──────── RECORDS TO USE

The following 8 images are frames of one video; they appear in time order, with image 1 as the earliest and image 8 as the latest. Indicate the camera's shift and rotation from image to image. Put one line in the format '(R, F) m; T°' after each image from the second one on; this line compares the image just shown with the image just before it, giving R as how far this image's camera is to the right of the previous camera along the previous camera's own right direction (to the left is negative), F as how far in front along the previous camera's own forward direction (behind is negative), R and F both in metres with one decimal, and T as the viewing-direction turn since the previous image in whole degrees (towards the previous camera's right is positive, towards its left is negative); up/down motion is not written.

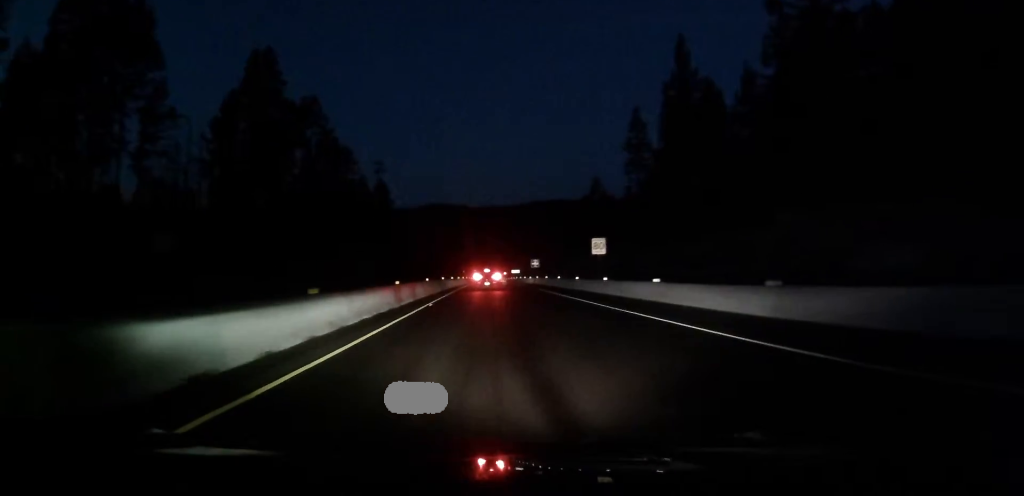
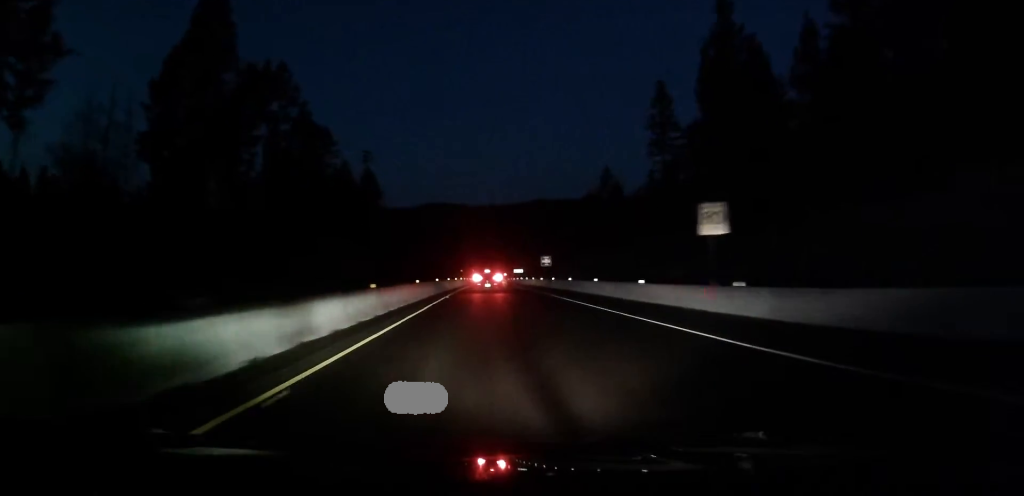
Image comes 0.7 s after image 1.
(0.0, +18.8) m; 0°
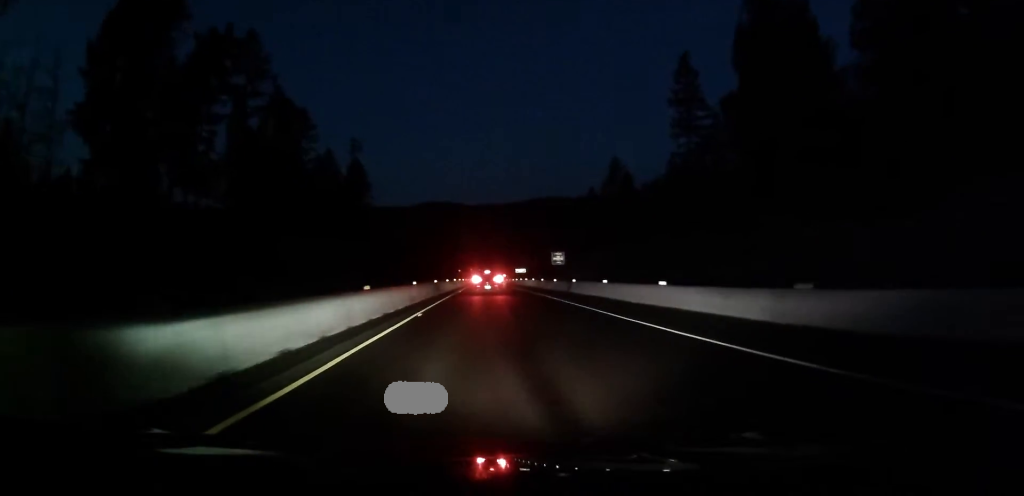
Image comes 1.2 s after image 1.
(+0.2, +14.2) m; 0°
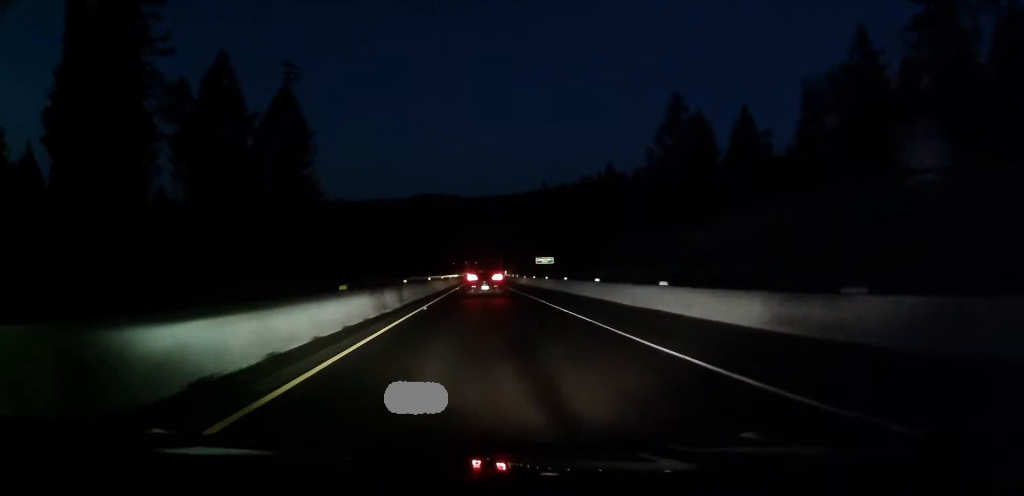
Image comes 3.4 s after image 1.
(+0.2, +55.5) m; +1°
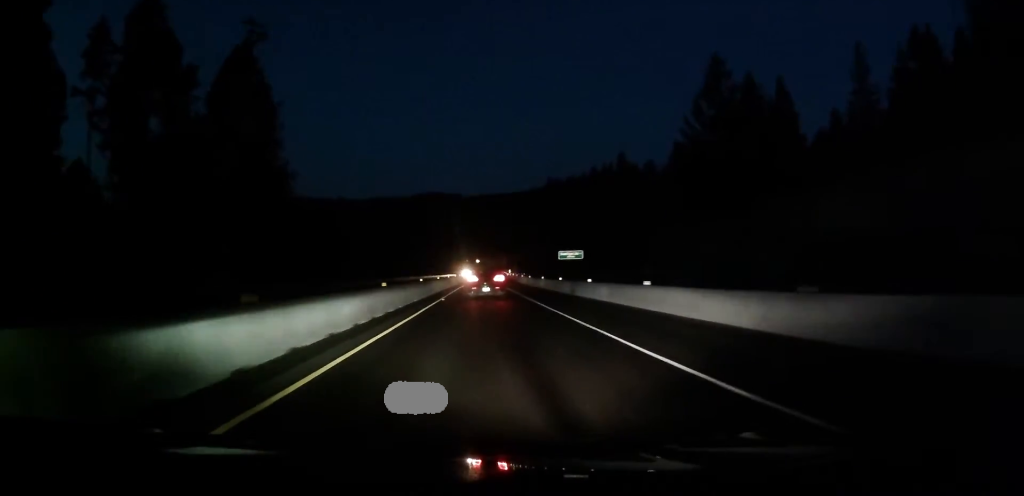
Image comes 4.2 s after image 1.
(-0.2, +20.1) m; 0°
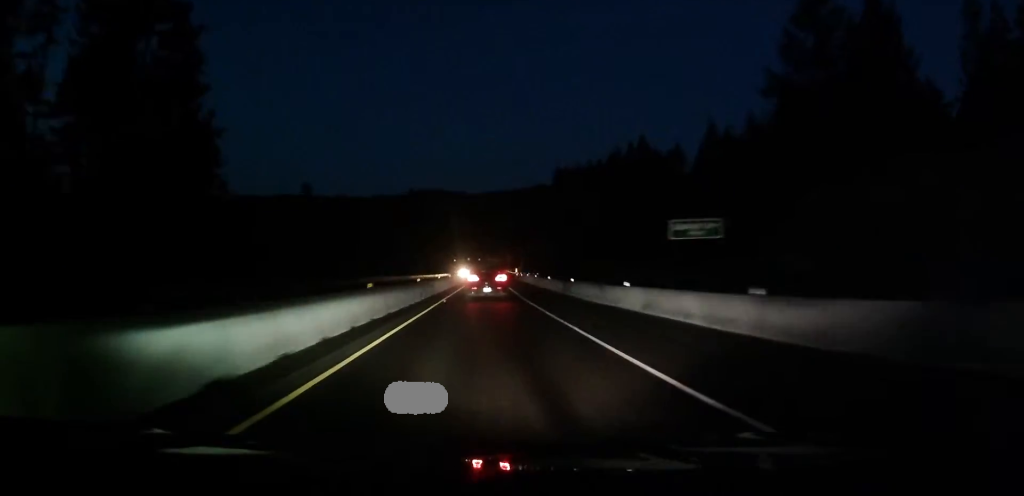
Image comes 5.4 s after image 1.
(+0.4, +30.0) m; 0°
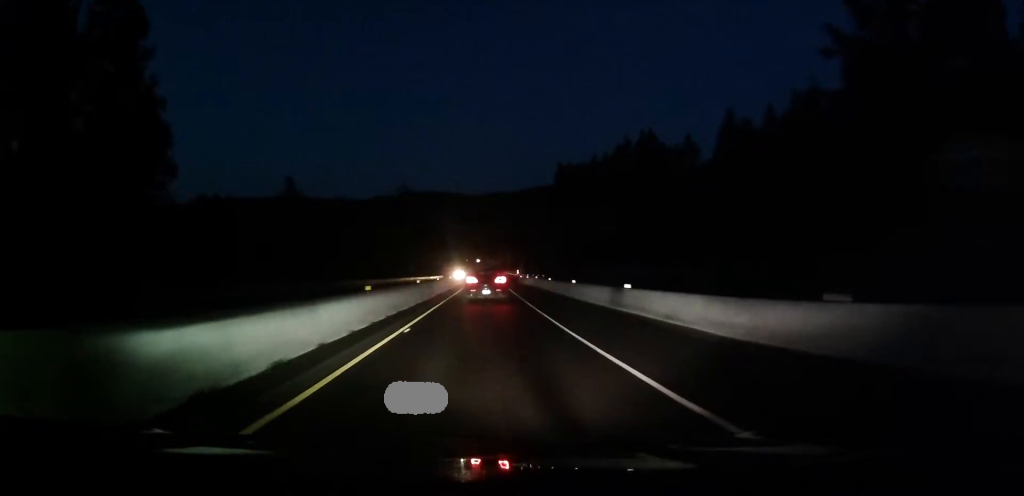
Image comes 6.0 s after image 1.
(-0.1, +13.4) m; -1°
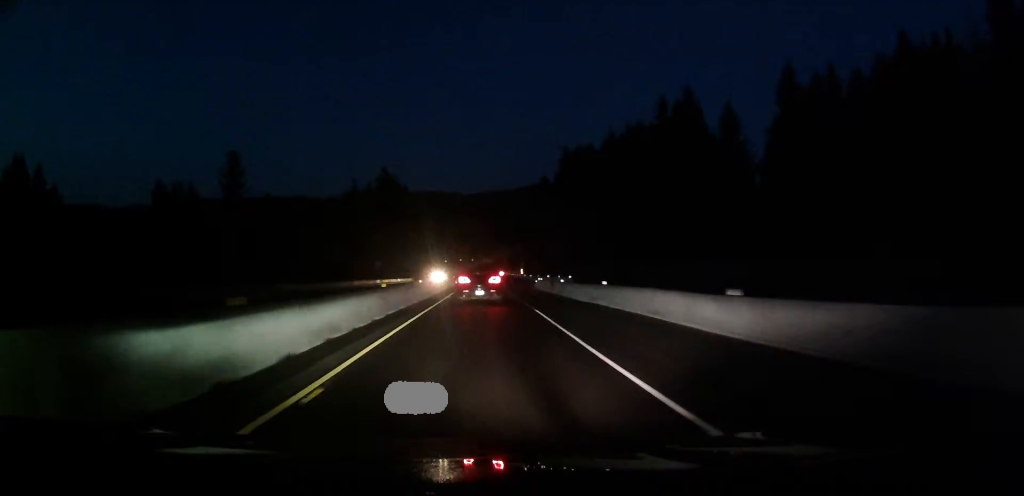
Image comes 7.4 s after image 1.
(-0.2, +34.2) m; +1°

────────────────

## EXERCISE DESCRIPTION
Using the records above, extract exactly and only the lines from the one with "Image comes 3.4 s after image 1." through the final line, inclusive, leaving out pictures.

## REPLY
Image comes 3.4 s after image 1.
(+0.2, +55.5) m; +1°
Image comes 4.2 s after image 1.
(-0.2, +20.1) m; 0°
Image comes 5.4 s after image 1.
(+0.4, +30.0) m; 0°
Image comes 6.0 s after image 1.
(-0.1, +13.4) m; -1°
Image comes 7.4 s after image 1.
(-0.2, +34.2) m; +1°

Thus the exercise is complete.